Would you please transcribe the listing exactly, with no images?

=== Provided data ===

┏━━

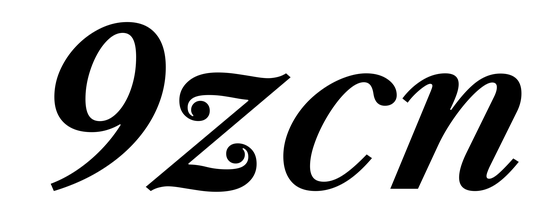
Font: LibreCaslonText-Italic_SemiBold_Italic
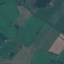
Land use / land cover: Pasture
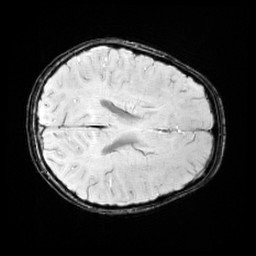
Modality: SWI
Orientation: axial
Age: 11
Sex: male
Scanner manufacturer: siemens
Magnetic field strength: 3 T
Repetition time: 0.027 s
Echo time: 0.02 s
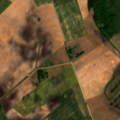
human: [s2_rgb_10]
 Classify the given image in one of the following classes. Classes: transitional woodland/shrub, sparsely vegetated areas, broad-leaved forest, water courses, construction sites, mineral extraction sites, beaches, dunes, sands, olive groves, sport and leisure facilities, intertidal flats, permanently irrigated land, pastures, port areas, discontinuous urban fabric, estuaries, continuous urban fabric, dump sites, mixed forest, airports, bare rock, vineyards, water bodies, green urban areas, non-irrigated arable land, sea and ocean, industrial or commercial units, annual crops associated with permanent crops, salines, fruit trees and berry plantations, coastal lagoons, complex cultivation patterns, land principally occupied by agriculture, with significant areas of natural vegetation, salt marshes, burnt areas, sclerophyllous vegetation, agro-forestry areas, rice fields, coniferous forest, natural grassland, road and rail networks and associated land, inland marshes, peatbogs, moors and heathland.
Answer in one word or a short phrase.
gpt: non-irrigated arable land, pastures, broad-leaved forest, transitional woodland/shrub
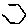
Label: hexagon
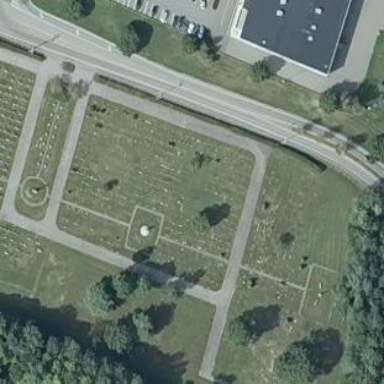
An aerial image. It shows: Cemetery.
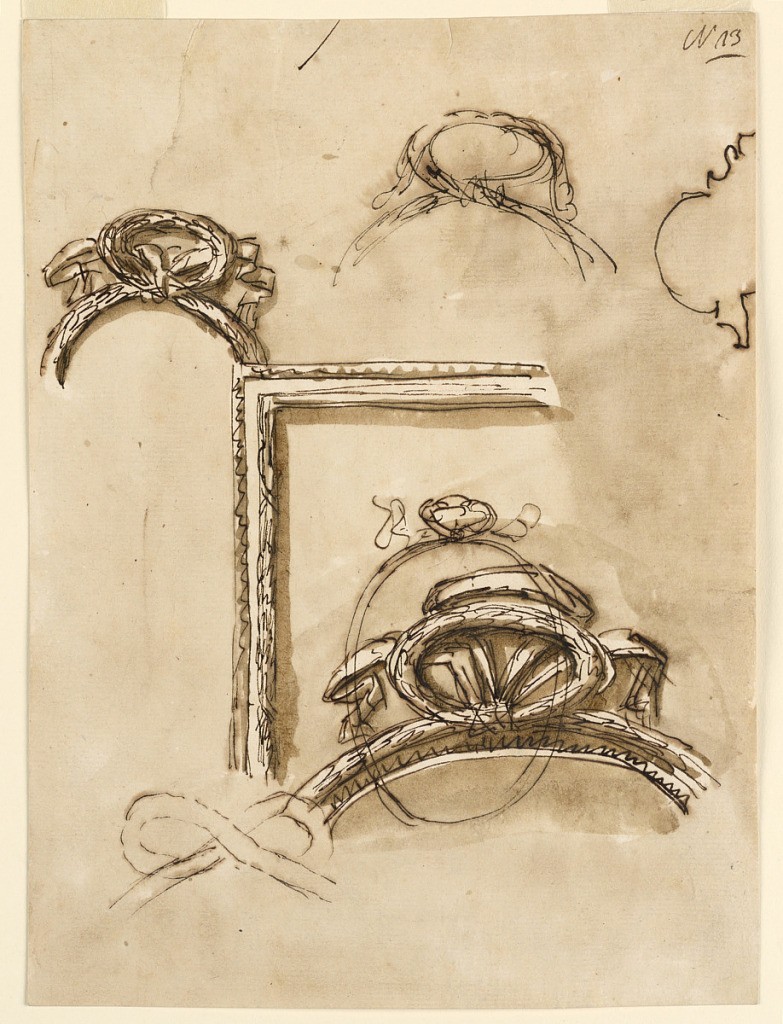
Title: Designs for Frames
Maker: Giuseppe Barberi, Italian, 1746–1809
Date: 1780–1800
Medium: Pen and brown ink, brush and sepia wash on off-white laid paper
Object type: Drawing
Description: Vertical rectangle. Upper row: project and sketch for the cresting of a medallion frame: shape of a garland, with a bowknot. At right: plan of a moulding. Center: upper left part of a molded oblong frame. Below: sketch of the oval frame. Probably drawn over it is a project for its crating, similar to above at left. Below at left is a sketch for the slopes of a garland. Colored background.
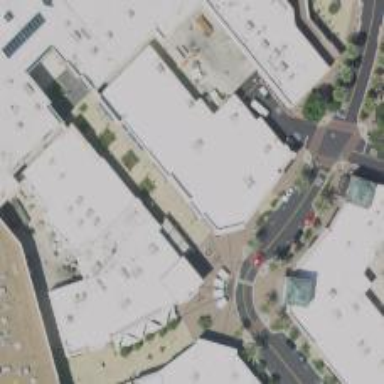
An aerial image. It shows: Retail building.
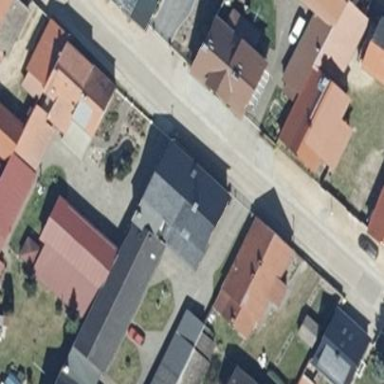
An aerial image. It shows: Gabled house with black roof. The roof is oriented along the building.

┗━━

=== Response area ===
Font: LibreCaslonText-Italic_SemiBold_Italic
Land use / land cover: Pasture
Modality: SWI
Orientation: axial
Age: 11
Sex: male
Scanner manufacturer: siemens
Magnetic field strength: 3 T
Repetition time: 0.027 s
Echo time: 0.02 s
human: [s2_rgb_10]
 Classify the given image in one of the following classes. Classes: transitional woodland/shrub, sparsely vegetated areas, broad-leaved forest, water courses, construction sites, mineral extraction sites, beaches, dunes, sands, olive groves, sport and leisure facilities, intertidal flats, permanently irrigated land, pastures, port areas, discontinuous urban fabric, estuaries, continuous urban fabric, dump sites, mixed forest, airports, bare rock, vineyards, water bodies, green urban areas, non-irrigated arable land, sea and ocean, industrial or commercial units, annual crops associated with permanent crops, salines, fruit trees and berry plantations, coastal lagoons, complex cultivation patterns, land principally occupied by agriculture, with significant areas of natural vegetation, salt marshes, burnt areas, sclerophyllous vegetation, agro-forestry areas, rice fields, coniferous forest, natural grassland, road and rail networks and associated land, inland marshes, peatbogs, moors and heathland.
Answer in one word or a short phrase.
gpt: non-irrigated arable land, pastures, broad-leaved forest, transitional woodland/shrub
Label: hexagon
An aerial image. It shows: Cemetery.
Title: Designs for Frames
Maker: Giuseppe Barberi, Italian, 1746–1809
Date: 1780–1800
Medium: Pen and brown ink, brush and sepia wash on off-white laid paper
Object type: Drawing
Description: Vertical rectangle. Upper row: project and sketch for the cresting of a medallion frame: shape of a garland, with a bowknot. At right: plan of a moulding. Center: upper left part of a molded oblong frame. Below: sketch of the oval frame. Probably drawn over it is a project for its crating, similar to above at left. Below at left is a sketch for the slopes of a garland. Colored background.
An aerial image. It shows: Retail building.
An aerial image. It shows: Gabled house with black roof. The roof is oriented along the building.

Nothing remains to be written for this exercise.